Bénéfices économiques
La porte-parole du Conseil de bande, Laurence Gagnon, soutient, elle, que la communauté fut consultée durant les assemblées générales annuelles en 2011, 2012, 2013 et 2014 », notamment.
En entrevue avec La Presse canadienne, elle indique que la raison pour laquelle le conseil de bande de Nemaska a accepté ce projet, « c’est à 100 % pour les bénéfices économiques ». Elle précise qu’il est prévu que la communauté reçoive des redevances chaque année : « On parle de plusieurs millions de dollars sur trente ans pour la communauté. » Cette somme « retourne à nos citoyens pour [qu’ils aient] de meilleures infrastructures, de meilleurs services ».
Laurence Gagnon s’occupe des communications pour le conseil de bande, mais aussi pour le chef actuel, Clarence Jolly. Ce dernier faisait partie des élus qui, en 2014, ont voté pour la ratification de l’entente avec la mine.
Sur une période de plusieurs mois, La Presse canadienne a maintes fois tenté de s’entretenir avec lui pour discuter des impacts de la mine et de son acceptation sociale, mais il a décliné toutes les demandes.
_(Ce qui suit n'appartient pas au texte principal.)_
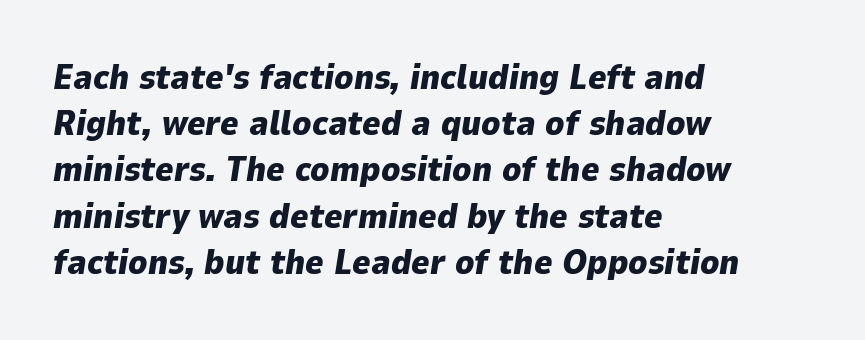
Teacher's note: observe the even left margin — that is flush-left alignment. On the weight axis this lands at bold, roughly 700. Do the characters align in a grid? No, the font is proportional. No extra tracking has been applied to these lines. Does the lettering tilt? It does — this is italic.
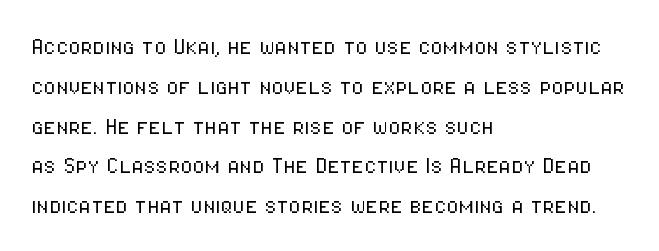
Q: Is the text bold? A: No.
Q: Is the text italic (slanted)? A: No, it is upright.
Q: Is the typeface a serif or a sans-serif typeface? A: Sans-serif.
Q: Is the text underlined? A: No.
Q: How is the paragraph aligned? A: Left-aligned.
Q: Is the spacing between letters normal or unusually wide? A: Normal.
Q: Is the spacing between lines tight, normal or loose? A: Normal.
Q: Width (condensed, normal, or wide)? A: Condensed.
Q: Stroke contrast? A: Low.
Q: x-height? A: Medium.
Q: Monospaced? A: No.
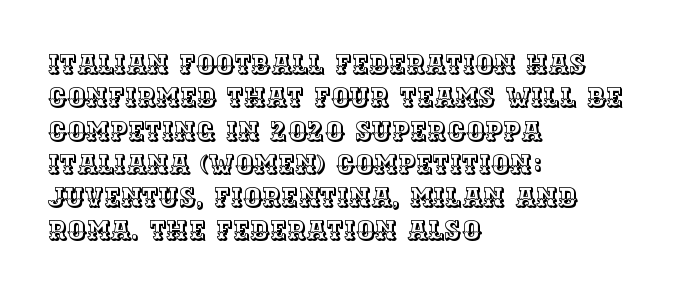
Q: Is the text italic (slanted)? A: No, it is upright.
Q: Is the text underlined? A: No.
Q: How is the paragraph aligned? A: Left-aligned.
Q: Is the spacing between letters normal or unusually wide? A: Normal.
Q: Is the spacing between lines tight, normal or loose? A: Normal.
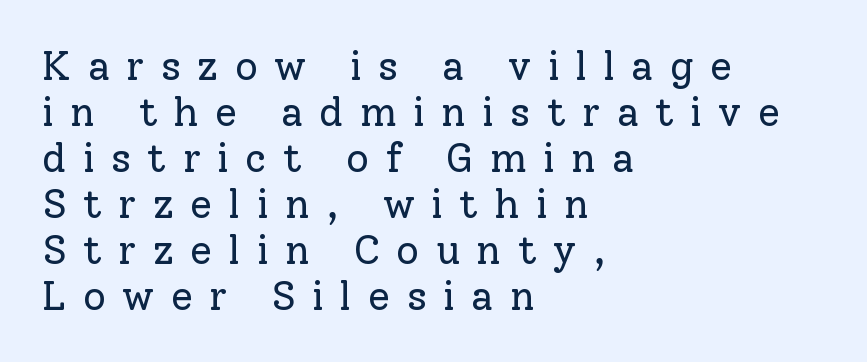
{"serif": "yes", "italic": "no", "bold": "no", "weight": "regular", "width": "normal", "stroke_contrast": "low", "x_height": "medium", "monospaced": "no", "underline": "no", "align": "left", "line_spacing": "tight", "line_spacing_ratio": 1.15, "letter_spacing": "wide", "letter_spacing_em": 0.41, "glyph_px": 40}
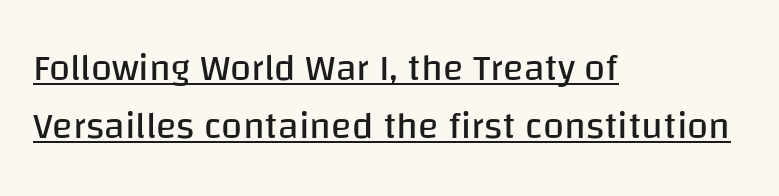
Q: Is the text bold? A: No.
Q: Is the text italic (slanted)? A: No, it is upright.
Q: Is the typeface a serif or a sans-serif typeface? A: Sans-serif.
Q: Is the text underlined? A: Yes.
Q: How is the paragraph aligned? A: Left-aligned.
Q: Is the spacing between letters normal or unusually wide? A: Normal.
Q: Is the spacing between lines tight, normal or loose? A: Normal.
Q: Width (condensed, normal, or wide)? A: Normal.
Q: Stroke contrast? A: Low.
Q: x-height? A: Large.
Q: Monospaced? A: No.
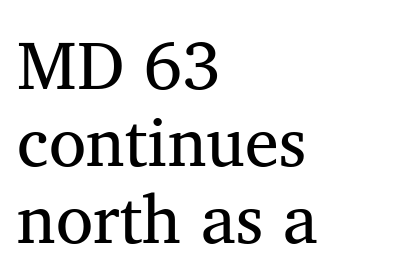
The image shows 68 px serif type; set left-aligned, tight line spacing (1.13x), normal letter spacing, not underlined; medium stroke contrast and a medium x-height.
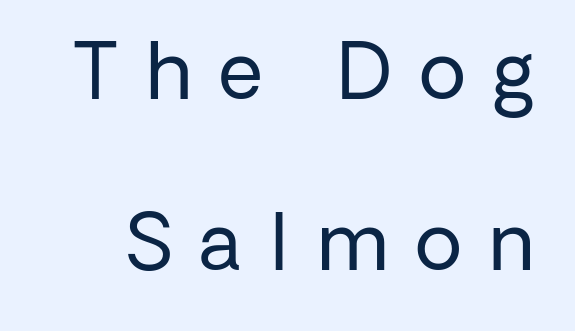
The image shows 77 px regular-weight sans-serif type, upright; set loose line spacing (2.22x), unusually wide letter spacing (+0.36 em), not underlined; low stroke contrast and a medium x-height.
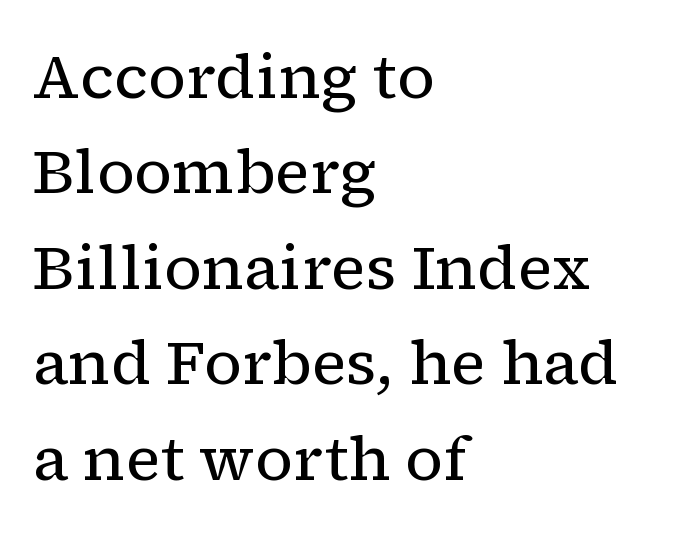
Q: Is the text bold? A: No.
Q: Is the text italic (slanted)? A: No, it is upright.
Q: Is the typeface a serif or a sans-serif typeface? A: Serif.
Q: Is the text underlined? A: No.
Q: How is the paragraph aligned? A: Left-aligned.
Q: Is the spacing between letters normal or unusually wide? A: Normal.
Q: Is the spacing between lines tight, normal or loose? A: Normal.
Q: Width (condensed, normal, or wide)? A: Normal.
Q: Stroke contrast? A: Low.
Q: x-height? A: Medium.
Q: Monospaced? A: No.
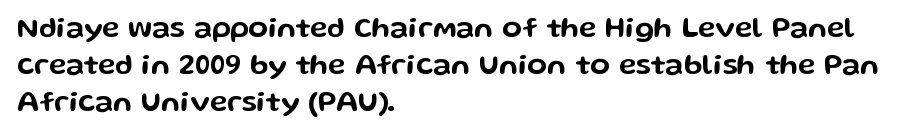
Q: Is the text italic (slanted)? A: No, it is upright.
Q: Is the typeface a serif or a sans-serif typeface? A: Sans-serif.
Q: Is the text underlined? A: No.
Q: How is the paragraph aligned? A: Left-aligned.
Q: Is the spacing between letters normal or unusually wide? A: Normal.
Q: Is the spacing between lines tight, normal or loose? A: Normal.
Q: Width (condensed, normal, or wide)? A: Wide.
Q: Stroke contrast? A: Low.
Q: x-height? A: Medium.
Q: Monospaced? A: No.
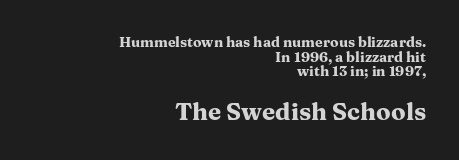
{"italic": "no", "bold": "yes", "underline": "no", "align": "right", "line_spacing": "tight", "line_spacing_ratio": 1.04, "letter_spacing": "normal", "letter_spacing_em": 0.0, "larger_block": "second", "size_ratio": 1.71, "glyph_px": 24}
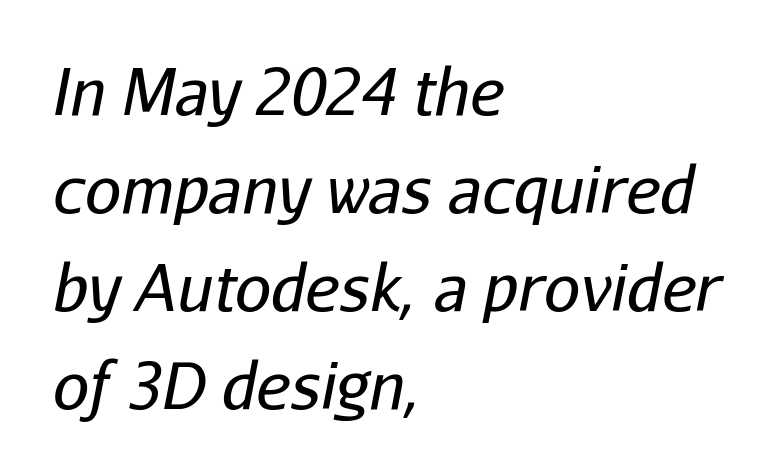
The rendering applies a slant to the glyphs. Note the varied advance widths — an 'i' is clearly narrower than an 'm'. Each line starts at the same left margin while the right side varies. Plain, unruled lines of type.
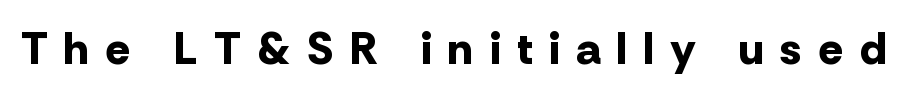
The image shows 45 px bold sans-serif type, upright; set unusually wide letter spacing (+0.38 em), not underlined; low stroke contrast and a medium x-height.
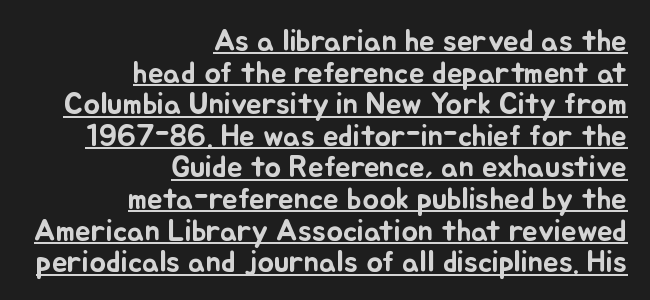
The image shows 31 px text type, upright; set right-aligned, tight line spacing (1.02x), normal letter spacing, underlined; low stroke contrast and a small x-height.
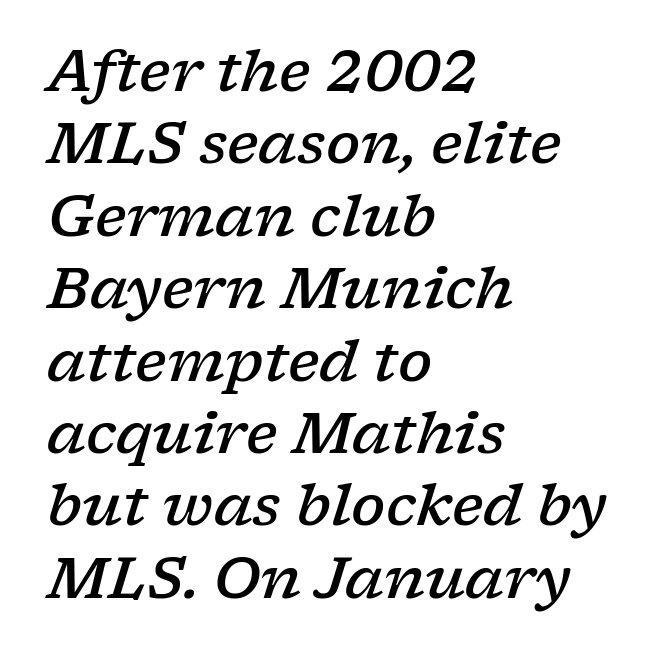
Q: Is the text bold? A: Semi-bold.
Q: Is the text italic (slanted)? A: Yes, it leans right by about 17 degrees.
Q: Is the typeface a serif or a sans-serif typeface? A: Serif.
Q: Is the text underlined? A: No.
Q: How is the paragraph aligned? A: Left-aligned.
Q: Is the spacing between letters normal or unusually wide? A: Normal.
Q: Is the spacing between lines tight, normal or loose? A: Normal.
Q: Width (condensed, normal, or wide)? A: Wide.
Q: Stroke contrast? A: Low.
Q: x-height? A: Medium.
Q: Monospaced? A: No.
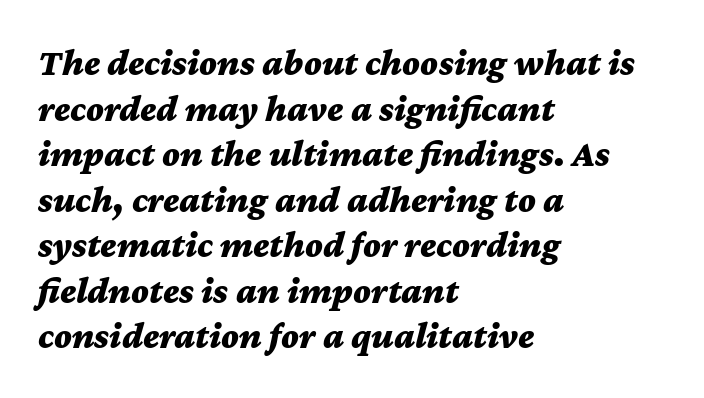
Q: Is the text bold? A: Yes.
Q: Is the text italic (slanted)? A: Yes, it leans right by about 12 degrees.
Q: Is the text underlined? A: No.
Q: How is the paragraph aligned? A: Left-aligned.
Q: Is the spacing between letters normal or unusually wide? A: Normal.
Q: Width (condensed, normal, or wide)? A: Wide.
Q: Stroke contrast? A: Medium.
Q: x-height? A: Medium.
Q: Monospaced? A: No.
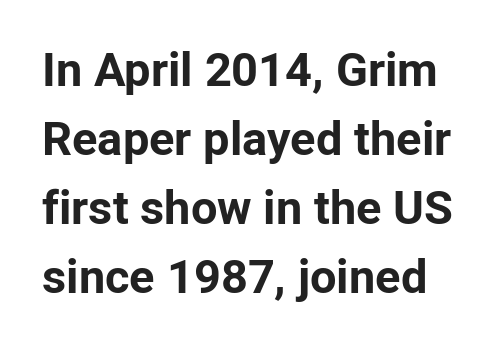
Bold? Absolutely — the strokes are thick and heavy. What kind of face is this? One without serifs — a sans. Each letter keeps its own natural width here, so spacing adapts to shape. A bare baseline throughout the passage. The rendering keeps characters at their native spacing.
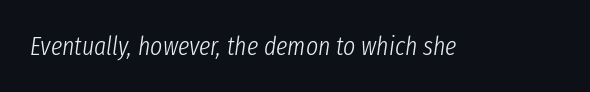
The image shows 26 px text type, italic (leaning right); set normal letter spacing, not underlined.
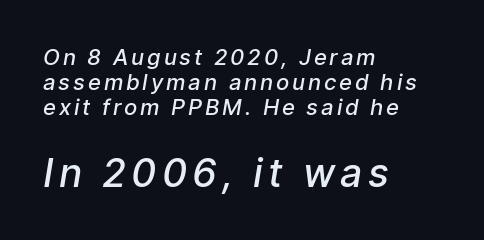
{"serif": "no", "bold": "semi", "weight": "semibold", "width": "normal", "stroke_contrast": "low", "x_height": "medium", "monospaced": "no", "underline": "no", "align": "left", "line_spacing": "tight", "line_spacing_ratio": 1.13, "larger_block": "second", "size_ratio": 1.77, "glyph_px": 39}
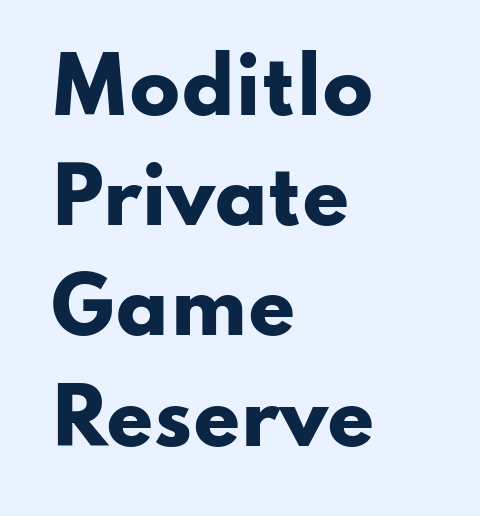
Q: Is the text bold? A: Yes.
Q: Is the text italic (slanted)? A: No, it is upright.
Q: Is the typeface a serif or a sans-serif typeface? A: Sans-serif.
Q: Is the text underlined? A: No.
Q: How is the paragraph aligned? A: Left-aligned.
Q: Is the spacing between letters normal or unusually wide? A: Normal.
Q: Is the spacing between lines tight, normal or loose? A: Normal.
Q: Width (condensed, normal, or wide)? A: Wide.
Q: Stroke contrast? A: Low.
Q: x-height? A: Small.
Q: Monospaced? A: No.
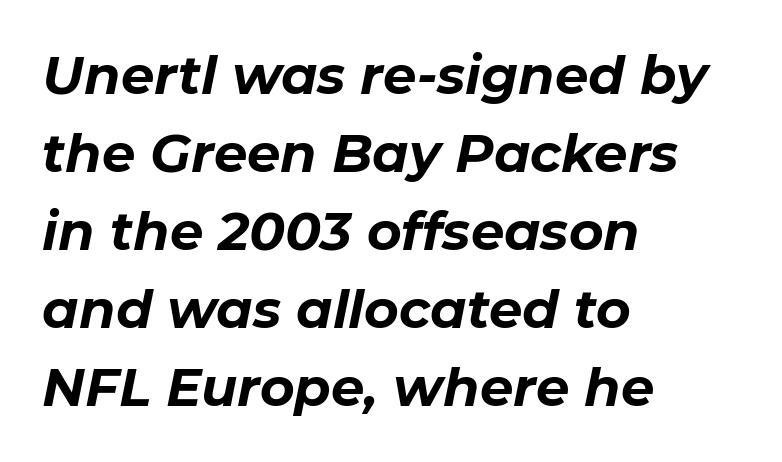
The image shows 53 px bold type, italic (leaning right); set left-aligned, normal line spacing (1.47x), normal letter spacing, not underlined; low stroke contrast and a medium x-height.
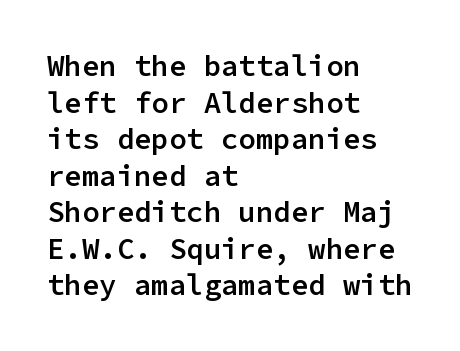
Each letter, wide or thin by design, is forced into the same width here. Grotesque or geometric, the face here clearly has no serifs. Typesetter's note: demi weight, one step under bold. The lines in this sample share a left origin and differ only in where they stop. This sample uses an upright cut, with every glyph sitting square on the baseline.
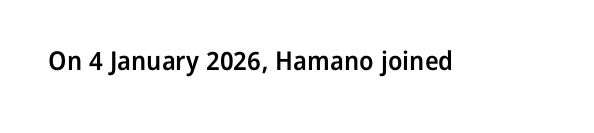
Ascenders rise straight up at ninety degrees. The typesetting leans somewhat heavy: a semibold. Observe the ordinary spacing: letters are neighbours, not strangers. Only glyphs here, with clear space below each row.
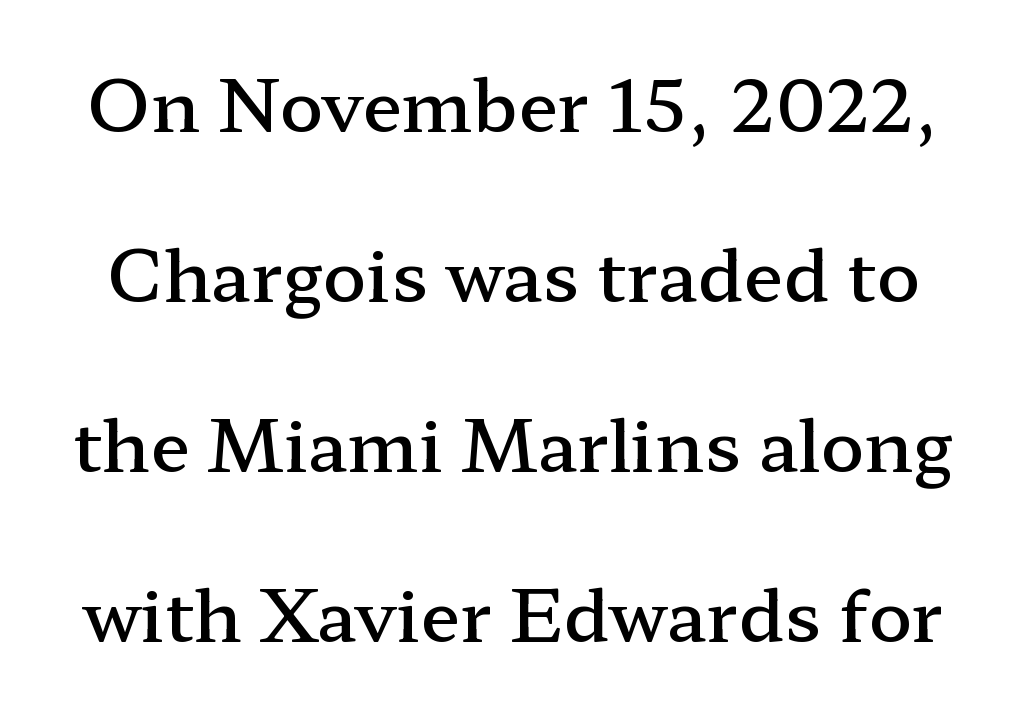
The image shows 72 px semibold, wide serif type, upright; set loose line spacing (2.36x), normal letter spacing, not underlined; low stroke contrast and a medium x-height.
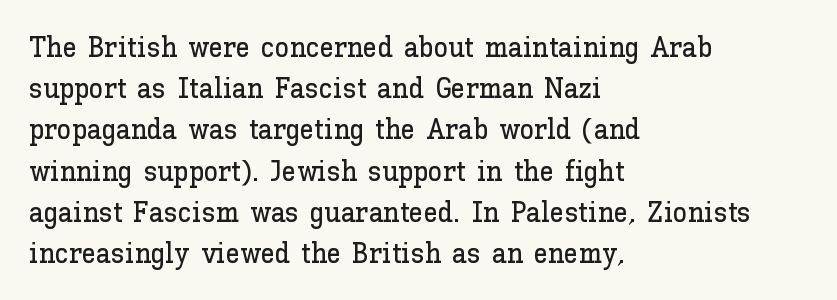
The image shows 29 px text type, upright; set left-aligned, normal line spacing (1.42x), normal letter spacing, not underlined; low stroke contrast and a medium x-height.
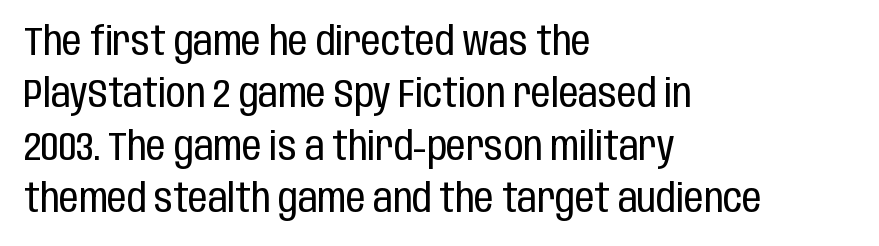
The tracking reads as untouched default to a designer's eye. Font category for this specimen: sans-serif. The strokes are not fattened; the text isn't bold. The lines are quadded left.
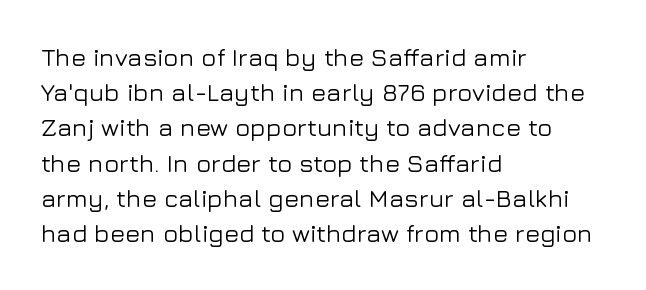
{"italic": "no", "underline": "no", "align": "left", "line_spacing": "normal", "line_spacing_ratio": 1.41, "letter_spacing": "normal", "letter_spacing_em": 0.0, "glyph_px": 25}
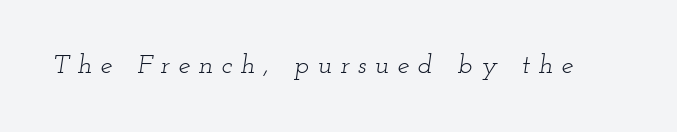
{"italic": "yes", "lean": "right", "slant_degrees": 12, "bold": "no", "underline": "no", "letter_spacing": "wide", "letter_spacing_em": 0.31, "glyph_px": 27}
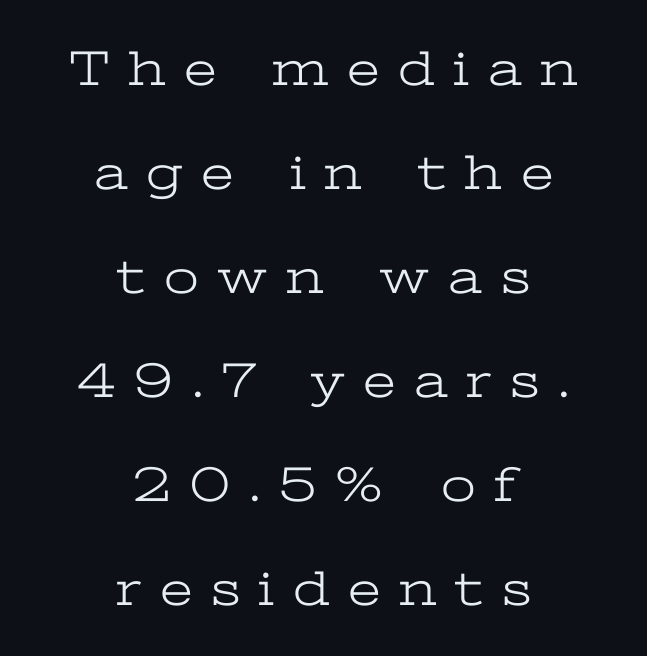
Q: Is the text bold? A: No.
Q: Is the text italic (slanted)? A: No, it is upright.
Q: Is the typeface a serif or a sans-serif typeface? A: Serif.
Q: Is the text underlined? A: No.
Q: How is the paragraph aligned? A: Centered.
Q: Is the spacing between letters normal or unusually wide? A: Unusually wide.
Q: Is the spacing between lines tight, normal or loose? A: Loose.
Q: Width (condensed, normal, or wide)? A: Wide.
Q: Stroke contrast? A: Low.
Q: x-height? A: Medium.
Q: Monospaced? A: No.
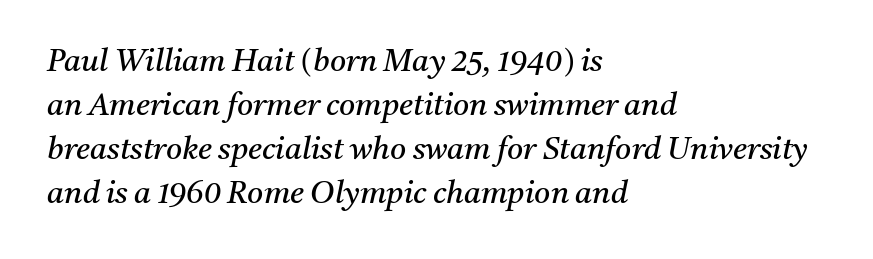
Q: Is the text bold? A: No.
Q: Is the text italic (slanted)? A: Yes, it leans right by about 11 degrees.
Q: Is the typeface a serif or a sans-serif typeface? A: Serif.
Q: Is the text underlined? A: No.
Q: How is the paragraph aligned? A: Left-aligned.
Q: Is the spacing between letters normal or unusually wide? A: Normal.
Q: Is the spacing between lines tight, normal or loose? A: Normal.
Q: Width (condensed, normal, or wide)? A: Normal.
Q: Stroke contrast? A: Medium.
Q: x-height? A: Medium.
Q: Monospaced? A: No.

Le journaliste Stéphane Blais a été soutenu par la Fondation Michener, qui lui a attribué la bourse Michener-Deacon pour le journalisme d’enquête en 2022, afin qu’il documente les répercussions possibles de l’extraction du lithium dans le nord du Québec. Cet article est le premier d’une série de quatre reportages, et a été édité pour l’ensemble des plateformes du Devoir.